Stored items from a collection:
□ □ □
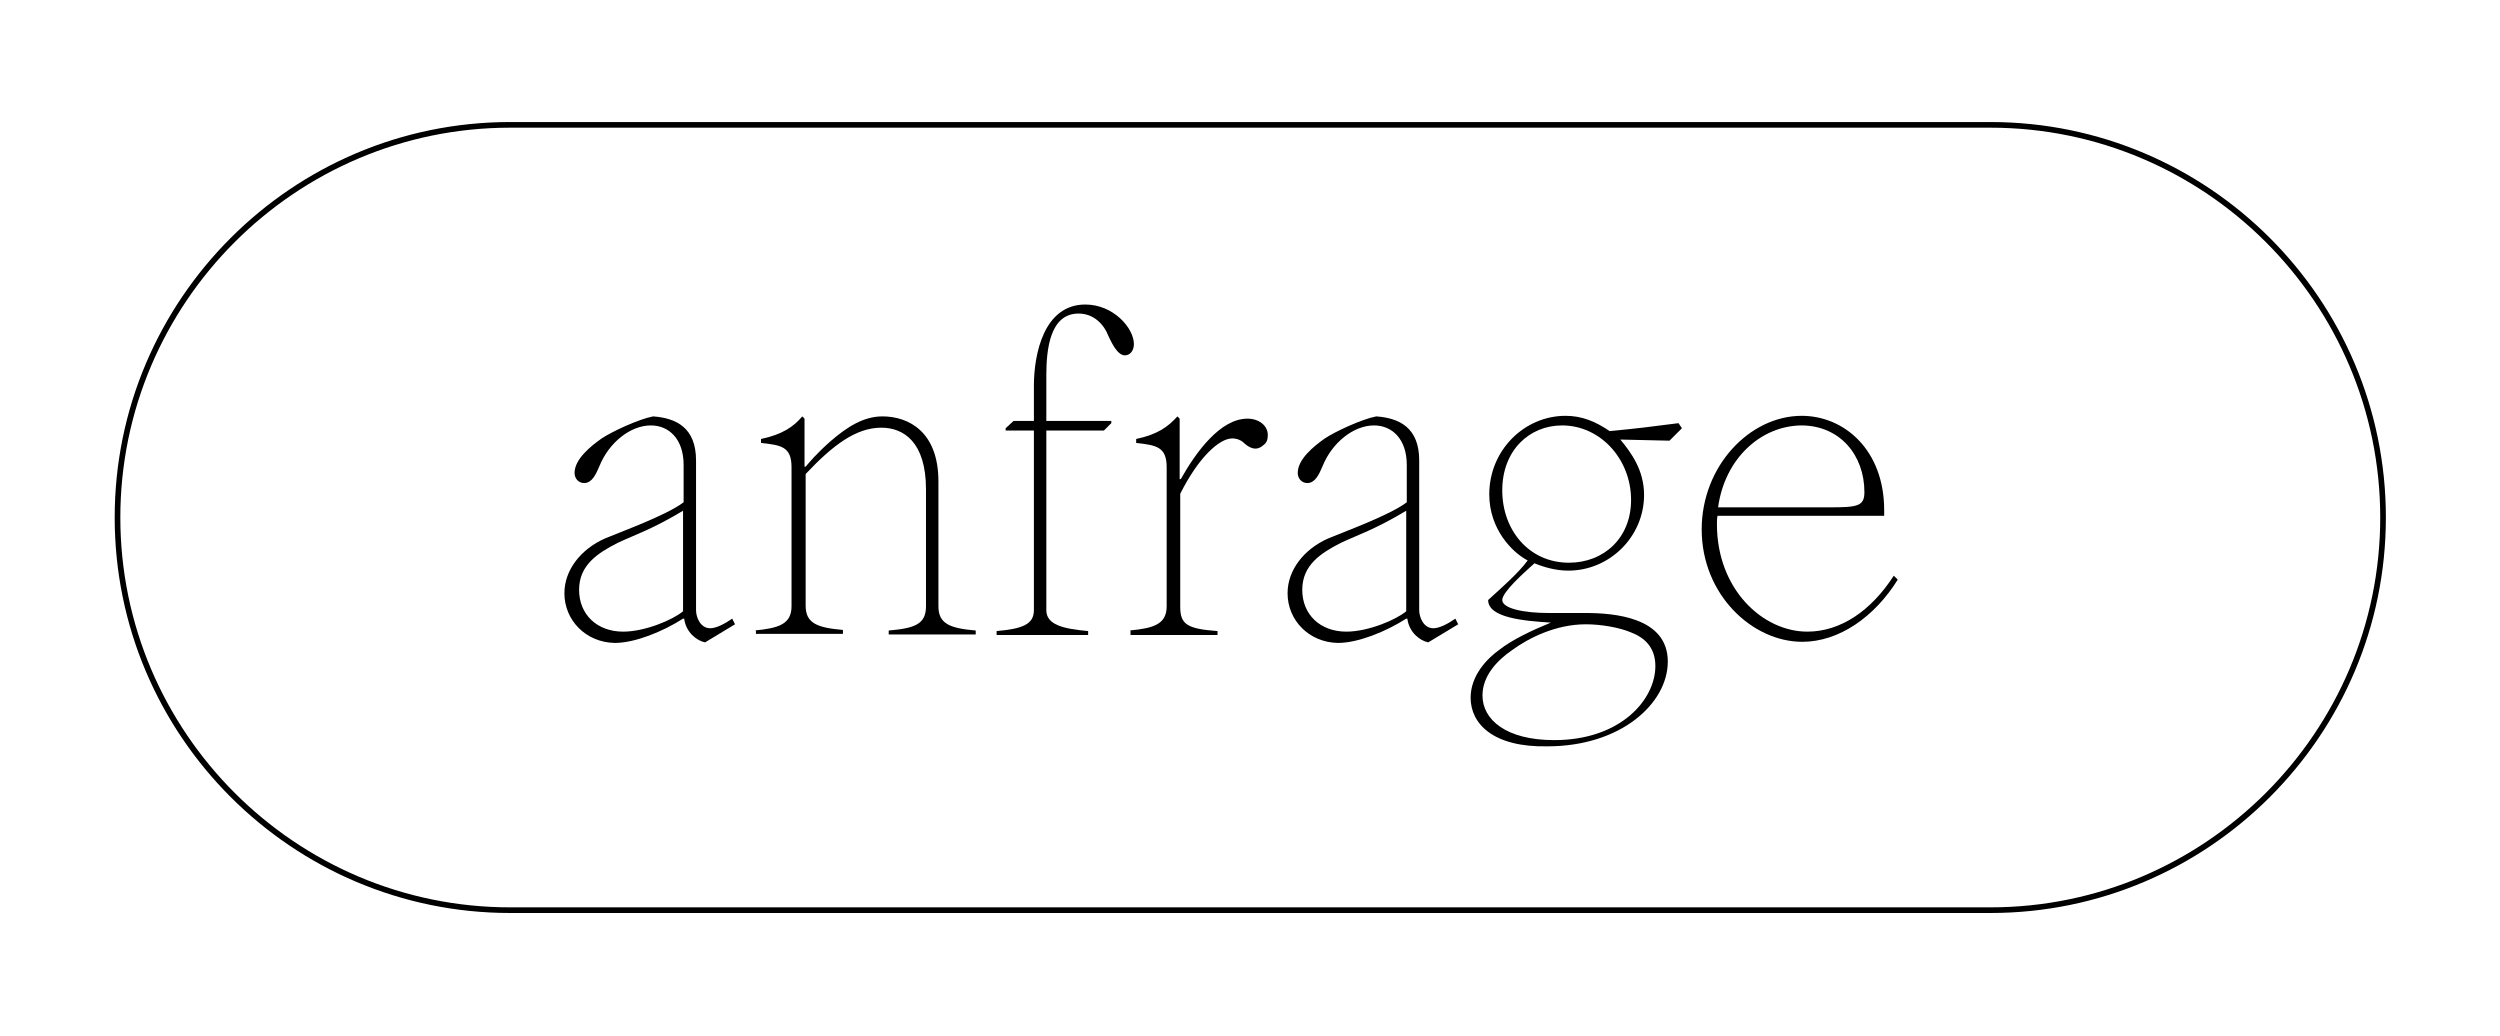 <?xml version="1.0" encoding="utf-8"?>
<!-- Generator: Adobe Illustrator 27.2.0, SVG Export Plug-In . SVG Version: 6.00 Build 0)  -->
<svg version="1.1" id="Ebene_1" xmlns="http://www.w3.org/2000/svg" xmlns:xlink="http://www.w3.org/1999/xlink" x="0px" y="0px"
	 viewBox="0 0 442.5 183.3" style="enable-background:new 0 0 442.5 183.3;" xml:space="preserve">
<g>
	<path d="M352.3,161.6h-262c-38.6,0-70-31.4-70-70c0-38.6,31.4-70,70-70h262c38.6,0,70,31.4,70,70
		C422.3,130.2,390.9,161.6,352.3,161.6z M90.3,22.6c-38,0-69,31-69,69s31,69,69,69h262c38,0,69-31,69-69s-31-69-69-69H90.3z"/>
</g>
<g>
	<path d="M99.9,105c0-4.1,2.9-7.8,7.2-9.7c2.6-1.1,10.9-4.1,13.9-6.4v-6.6c0-4.6-2.6-7-5.8-7c-3.6,0-7.4,3-9.1,7.2
		c-0.6,1.4-1.3,3-2.7,3c-1,0-1.7-0.8-1.7-1.8c0-2.4,2.8-4.7,4.8-6.1c1.8-1.2,6.5-3.4,9.1-3.9c4.1,0.3,7.6,2,7.6,7.8v26.5
		c0,1.3,0.8,3.2,2.5,3.2c1.1,0,2.6-0.8,3.9-1.7l0.5,1l-5.3,3.2c-1.5-0.3-3.4-1.8-3.7-4.2h-0.2c-3.6,2.3-8.5,4.3-12.1,4.3
		C103.7,113.7,99.9,109.8,99.9,105z M120.9,108.2V90.4c-5.5,3.3-8.4,4.2-11.6,5.7c-3.5,1.8-6.8,3.9-6.8,8.3c0,4.4,3.2,7.4,7.8,7.4
		C114.2,111.8,119.1,109.7,120.9,108.2z"/>
	<path d="M133.5,111.6c4.3-0.4,6.6-1.1,6.6-4.3V82.7c0-3.7-1.9-3.9-5.4-4.3v-0.7c3.8-0.8,5.8-2.2,7.3-4l0.4,0.4v8.5h0.2
		c0.6-0.7,1.8-2.2,4.4-4.5c3-2.6,5.9-4.4,9.2-4.4c4.6,0,9.9,2.7,9.9,11.5v22.1c0,3.1,2,3.9,6.6,4.3v0.7h-15.4v-0.7
		c4.6-0.4,6.6-1.1,6.6-4.3V86.6c0-8.4-4-10.9-7.9-10.9c-4.5,0-8.6,3.1-13.4,8.2v23.3c0,3.1,2,3.9,6.6,4.3v0.7h-15.4V111.6z"/>
	<path d="M200.7,60.9c0,1.2-0.7,2-1.6,2c-1.4,0-2.5-2.6-2.9-3.4c-0.8-2.1-2.6-4-5.3-4c-5,0-5.7,6.2-5.7,10.9v8.1h11.5v0.4l-1.3,1.3
		h-10.2v31.8c0,2.6,3,3.3,7.4,3.7v0.7h-16.2v-0.7c4.6-0.4,6.6-1.2,6.6-3.7V76.2h-5v-0.4l1.4-1.3h3.6v-6.2c0-5.7,1.8-14.4,9.1-14.4
		C197.1,53.9,200.7,58.1,200.7,60.9z"/>
	<path d="M199.9,111.6c4.3-0.4,6.6-1.1,6.6-4.3V82.7c0-3.6-1.8-3.9-5.4-4.3v-0.7c3.8-0.8,5.7-2.2,7.3-4l0.4,0.4v10.7h0.2
		c2.7-4.8,7-10.7,11.8-10.7c2,0,3.6,1.2,3.6,2.9c0,0.8-0.2,1.4-0.8,1.8c-0.2,0.2-0.7,0.6-1.4,0.6c-0.6,0-1.2-0.3-1.8-0.8
		c-0.4-0.4-1.1-1-2.3-1c-2.3,0-6,3.4-9.2,9.8v20c0,3.1,1.2,3.9,6.6,4.3v0.7h-15.4V111.6z"/>
	<path d="M227.9,105c0-4.1,2.9-7.8,7.2-9.7c2.6-1.1,10.9-4.1,13.9-6.4v-6.6c0-4.6-2.6-7-5.8-7c-3.6,0-7.4,3-9.1,7.2
		c-0.6,1.4-1.3,3-2.7,3c-1,0-1.7-0.8-1.7-1.8c0-2.4,2.8-4.7,4.8-6.1c1.8-1.2,6.5-3.4,9.1-3.9c4.1,0.3,7.6,2,7.6,7.8v26.5
		c0,1.3,0.8,3.2,2.5,3.2c1.1,0,2.6-0.8,3.9-1.7l0.5,1l-5.3,3.2c-1.5-0.3-3.4-1.8-3.7-4.2h-0.2c-3.6,2.3-8.5,4.3-12.1,4.3
		C231.7,113.7,227.9,109.8,227.9,105z M248.9,108.2V90.4c-5.5,3.3-8.4,4.2-11.6,5.7c-3.5,1.8-6.8,3.9-6.8,8.3c0,4.4,3.2,7.4,7.8,7.4
		C242.2,111.8,247.1,109.7,248.9,108.2z"/>
	<path d="M260.3,123.5c0-4,3-7,5.1-8.5c2.3-1.8,5.7-3.4,9.1-4.8c-5-0.3-11.1-0.9-11.1-4c2.2-2,5.4-4.8,7-7
		c-2.7-1.4-6.8-5.5-6.8-11.7c0-7.8,6.2-13.9,13.5-13.9c2.9,0,5.3,1,7.8,2.7c4.4-0.4,7.6-0.8,12.2-1.4l0.6,0.9l-2.2,2.2l-8.7-0.2
		c1.9,2.3,4.2,5.4,4.2,9.8c0,7.4-6.1,13.4-13.4,13.4c-2.2,0-4.3-0.6-6-1.3c-2,1.8-5.7,5.1-5.7,6.5c0,1.5,3.8,2.3,8.2,2.3h6.5
		c5,0,14.6,0.7,14.6,8.6c0,7.4-8.3,15-21.3,15C264.3,132.3,260.3,128.1,260.3,123.5z M293,117.9c0-3.4-2-5.1-4.4-6
		c-1.9-0.8-5.1-1.4-7.9-1.4c-5.3,0-10.1,2.4-13.1,4.6c-2.6,1.8-5.2,4.5-5.2,8c0,4.3,4.2,7.9,12.7,7.9C286.9,131,293,123.8,293,117.9
		z M288.7,88.5c0-7.3-5.5-13.2-12.2-13.2c-5.8,0-10.6,4.4-10.6,11.5c0,7,4.7,12.8,11.8,12.8C283.9,99.6,288.7,95.2,288.7,88.5z"/>
	<path d="M335.9,102.6c-4.1,6.6-10.4,11-16.9,11c-8.8,0-17.8-8.3-17.8-19.9c0-11.2,8.5-20.1,17.7-20.1c7.5,0,14.6,6,14.6,16.7v1
		h-29.5c-0.1,0.5-0.1,1-0.1,1.5c0,11.5,8.1,19,16,19c5.9,0,11.3-3.7,15.3-9.9L335.9,102.6z M304.1,89.8h19.7c5,0,6.2-0.2,6.2-2.7
		c0-6.5-4.3-11.8-11.2-11.8C311.7,75.4,305.3,81.1,304.1,89.8z"/>
</g>
</svg>
□ □ □
* What is needed: Looking at the data above, give the number of lines that include "path"; add nothing else.

* Reply to the task: 8